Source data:
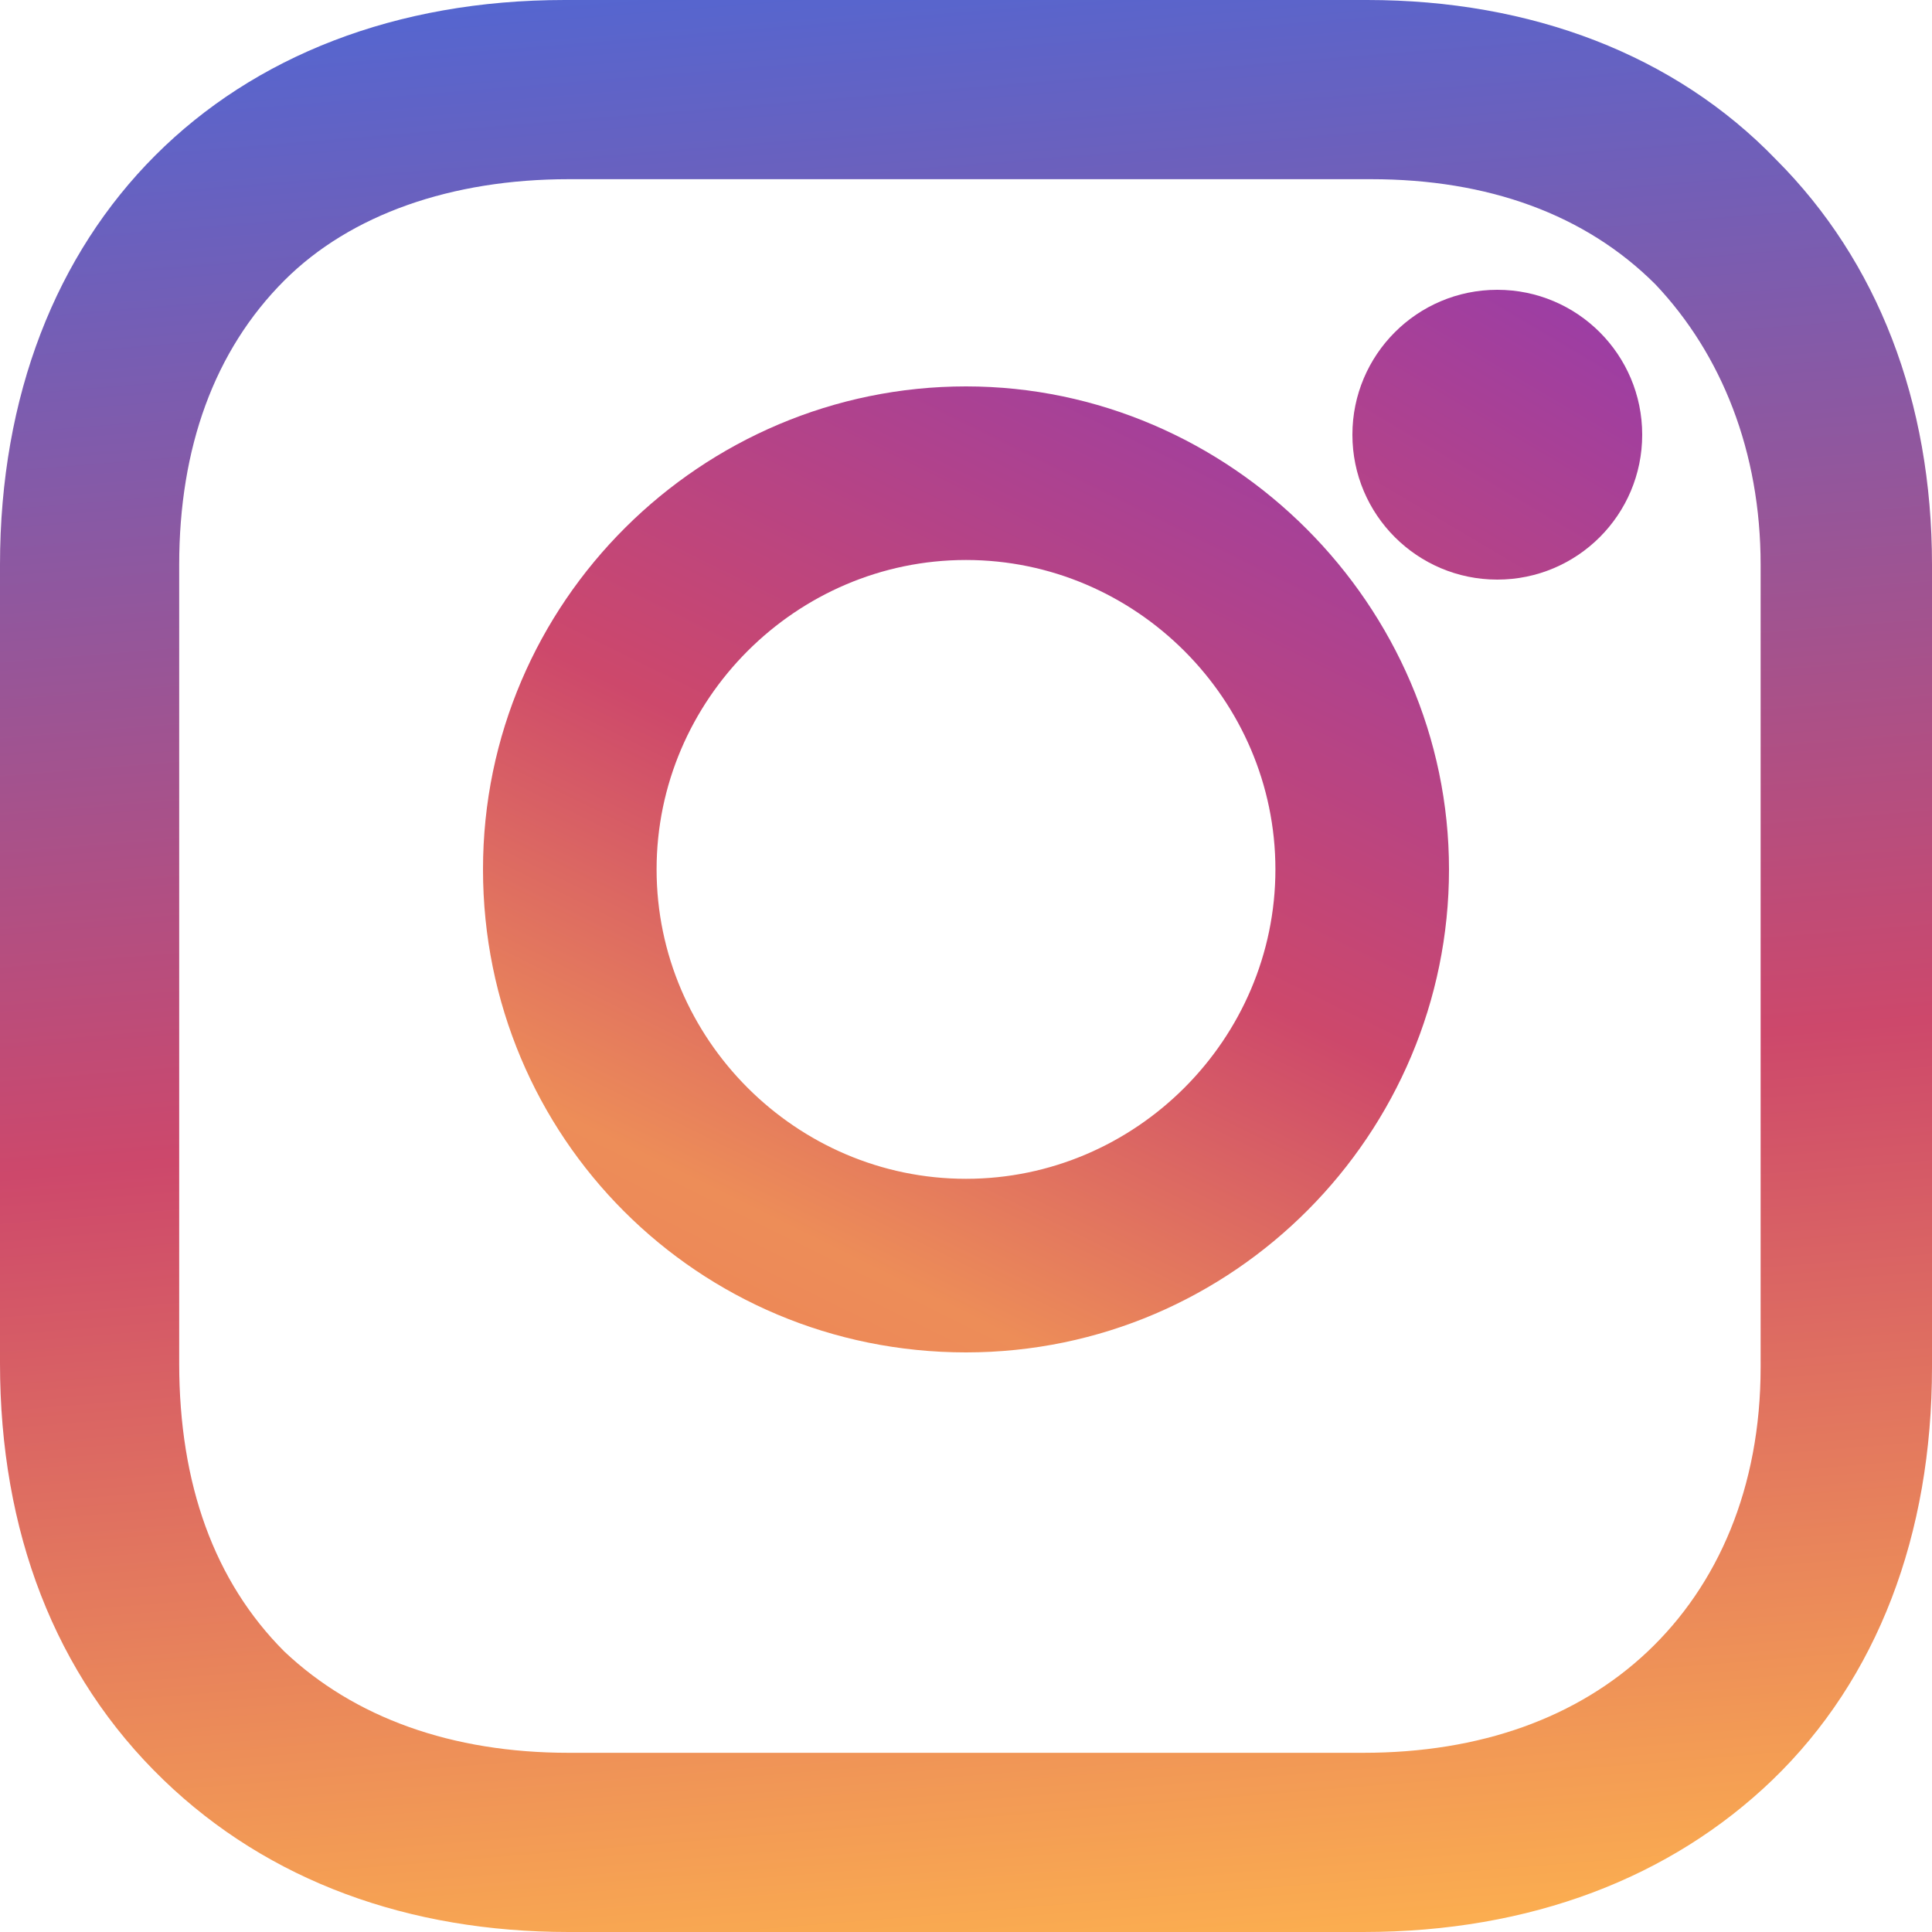 <?xml version="1.0" encoding="UTF-8"?>
<svg width="20px" height="20px" viewBox="0 0 20 20" version="1.1" xmlns="http://www.w3.org/2000/svg" xmlns:xlink="http://www.w3.org/1999/xlink">
    <!-- Generator: Sketch 47.1 (45422) - http://www.bohemiancoding.com/sketch -->
    <title>Group 16</title>
    <desc>Created with Sketch.</desc>
    <defs>
        <linearGradient x1="149.76%" y1="-81.836%" x2="13.831%" y2="193.409%" id="linearGradient-1">
            <stop stop-color="#552FF7" offset="0%"></stop>
            <stop stop-color="#6733E1" offset="4.915%"></stop>
            <stop stop-color="#6733E1" offset="4.915%"></stop>
            <stop stop-color="#8A3AB9" offset="14.15%"></stop>
            <stop stop-color="#A4409A" offset="36.563%"></stop>
            <stop stop-color="#CD486B" offset="52.51%"></stop>
            <stop stop-color="#ED8D58" offset="66.265%"></stop>
            <stop stop-color="#E95950" offset="100%"></stop>
        </linearGradient>
        <linearGradient x1="134.97%" y1="-39.129%" x2="-306.043%" y2="704.881%" id="linearGradient-2">
            <stop stop-color="#8A3AB9" offset="0%"></stop>
            <stop stop-color="#B0428D" offset="16.731%"></stop>
            <stop stop-color="#B54387" offset="19.167%"></stop>
            <stop stop-color="#B74385" offset="19.78%"></stop>
            <stop stop-color="#CD486B" offset="29.672%"></stop>
            <stop stop-color="#FBAD50" offset="63.419%"></stop>
            <stop stop-color="#FCCC63" offset="81.744%"></stop>
            <stop stop-color="#E95950" offset="100%"></stop>
        </linearGradient>
        <linearGradient x1="18.135%" y1="-21.649%" x2="32.116%" y2="149.929%" id="linearGradient-3">
            <stop stop-color="#8A3AB9" offset="0%"></stop>
            <stop stop-color="#4C68D7" offset="10.655%"></stop>
            <stop stop-color="#CD486B" offset="46.92%"></stop>
            <stop stop-color="#FBAD50" offset="72.512%"></stop>
            <stop stop-color="#E95950" offset="100%"></stop>
        </linearGradient>
    </defs>
    <g id="Page-1" stroke="none" stroke-width="1" fill="none" fill-rule="evenodd">
        <g id="mainesoftsolutions-homepage_1" transform="translate(-180, -4792)" fill-rule="nonzero">
            <g id="Footer" transform="translate(0, 4643)">
                <g id="Social-icon" transform="translate(85, 144)">
                    <g id="Group-16" transform="translate(95, 5)">
                        <path d="M10,4 C7.266,4 5,6.227 5,9 C5,11.773 7.227,14 10,14 C12.773,14 15,11.734 15,9 C15,6.266 12.734,4 10,4 Z M10,12.203 C8.242,12.203 6.797,10.758 6.797,9 C6.797,7.242 8.242,5.797 10,5.797 C11.758,5.797 13.203,7.242 13.203,9 C13.203,10.758 11.758,12.203 10,12.203 Z" id="Shape" fill="url(#linearGradient-1)"></path>
                        <circle id="Oval" fill="url(#linearGradient-2)" cx="15.5" cy="4.5" r="1.5"></circle>
                        <path d="M18.387,1.653 C17.339,0.565 15.847,0 14.153,0 L5.847,0 C2.339,0 0,2.339 0,5.847 L0,14.113 C0,15.847 0.565,17.339 1.694,18.427 C2.782,19.476 4.234,20 5.887,20 L14.113,20 C15.847,20 17.298,19.435 18.347,18.427 C19.435,17.379 20,15.887 20,14.153 L20,5.847 C20,4.153 19.435,2.702 18.387,1.653 Z M18.226,14.153 C18.226,15.403 17.782,16.411 17.056,17.097 C16.331,17.782 15.323,18.145 14.113,18.145 L5.887,18.145 C4.677,18.145 3.669,17.782 2.944,17.097 C2.218,16.371 1.855,15.363 1.855,14.113 L1.855,5.847 C1.855,4.637 2.218,3.629 2.944,2.903 C3.629,2.218 4.677,1.855 5.887,1.855 L14.194,1.855 C15.403,1.855 16.411,2.218 17.137,2.944 C17.823,3.669 18.226,4.677 18.226,5.847 L18.226,14.153 L18.226,14.153 Z" id="Shape" fill="url(#linearGradient-3)"></path>
                    </g>
                </g>
            </g>
        </g>
    </g>
</svg>

◆ Assigned task: Copy every record above exactly, leaving out any pictures.

◆ Task solution:
 <?xml version="1.0" encoding="UTF-8"?>
<svg width="20px" height="20px" viewBox="0 0 20 20" version="1.1" xmlns="http://www.w3.org/2000/svg" xmlns:xlink="http://www.w3.org/1999/xlink">
    <!-- Generator: Sketch 47.1 (45422) - http://www.bohemiancoding.com/sketch -->
    <title>Group 16</title>
    <desc>Created with Sketch.</desc>
    <defs>
        <linearGradient x1="149.76%" y1="-81.836%" x2="13.831%" y2="193.409%" id="linearGradient-1">
            <stop stop-color="#552FF7" offset="0%"></stop>
            <stop stop-color="#6733E1" offset="4.915%"></stop>
            <stop stop-color="#6733E1" offset="4.915%"></stop>
            <stop stop-color="#8A3AB9" offset="14.15%"></stop>
            <stop stop-color="#A4409A" offset="36.563%"></stop>
            <stop stop-color="#CD486B" offset="52.51%"></stop>
            <stop stop-color="#ED8D58" offset="66.265%"></stop>
            <stop stop-color="#E95950" offset="100%"></stop>
        </linearGradient>
        <linearGradient x1="134.97%" y1="-39.129%" x2="-306.043%" y2="704.881%" id="linearGradient-2">
            <stop stop-color="#8A3AB9" offset="0%"></stop>
            <stop stop-color="#B0428D" offset="16.731%"></stop>
            <stop stop-color="#B54387" offset="19.167%"></stop>
            <stop stop-color="#B74385" offset="19.78%"></stop>
            <stop stop-color="#CD486B" offset="29.672%"></stop>
            <stop stop-color="#FBAD50" offset="63.419%"></stop>
            <stop stop-color="#FCCC63" offset="81.744%"></stop>
            <stop stop-color="#E95950" offset="100%"></stop>
        </linearGradient>
        <linearGradient x1="18.135%" y1="-21.649%" x2="32.116%" y2="149.929%" id="linearGradient-3">
            <stop stop-color="#8A3AB9" offset="0%"></stop>
            <stop stop-color="#4C68D7" offset="10.655%"></stop>
            <stop stop-color="#CD486B" offset="46.92%"></stop>
            <stop stop-color="#FBAD50" offset="72.512%"></stop>
            <stop stop-color="#E95950" offset="100%"></stop>
        </linearGradient>
    </defs>
    <g id="Page-1" stroke="none" stroke-width="1" fill="none" fill-rule="evenodd">
        <g id="mainesoftsolutions-homepage_1" transform="translate(-180, -4792)" fill-rule="nonzero">
            <g id="Footer" transform="translate(0, 4643)">
                <g id="Social-icon" transform="translate(85, 144)">
                    <g id="Group-16" transform="translate(95, 5)">
                        <path d="M10,4 C7.266,4 5,6.227 5,9 C5,11.773 7.227,14 10,14 C12.773,14 15,11.734 15,9 C15,6.266 12.734,4 10,4 Z M10,12.203 C8.242,12.203 6.797,10.758 6.797,9 C6.797,7.242 8.242,5.797 10,5.797 C11.758,5.797 13.203,7.242 13.203,9 C13.203,10.758 11.758,12.203 10,12.203 Z" id="Shape" fill="url(#linearGradient-1)"></path>
                        <circle id="Oval" fill="url(#linearGradient-2)" cx="15.5" cy="4.5" r="1.5"></circle>
                        <path d="M18.387,1.653 C17.339,0.565 15.847,0 14.153,0 L5.847,0 C2.339,0 0,2.339 0,5.847 L0,14.113 C0,15.847 0.565,17.339 1.694,18.427 C2.782,19.476 4.234,20 5.887,20 L14.113,20 C15.847,20 17.298,19.435 18.347,18.427 C19.435,17.379 20,15.887 20,14.153 L20,5.847 C20,4.153 19.435,2.702 18.387,1.653 Z M18.226,14.153 C18.226,15.403 17.782,16.411 17.056,17.097 C16.331,17.782 15.323,18.145 14.113,18.145 L5.887,18.145 C4.677,18.145 3.669,17.782 2.944,17.097 C2.218,16.371 1.855,15.363 1.855,14.113 L1.855,5.847 C1.855,4.637 2.218,3.629 2.944,2.903 C3.629,2.218 4.677,1.855 5.887,1.855 L14.194,1.855 C15.403,1.855 16.411,2.218 17.137,2.944 C17.823,3.669 18.226,4.677 18.226,5.847 L18.226,14.153 L18.226,14.153 Z" id="Shape" fill="url(#linearGradient-3)"></path>
                    </g>
                </g>
            </g>
        </g>
    </g>
</svg>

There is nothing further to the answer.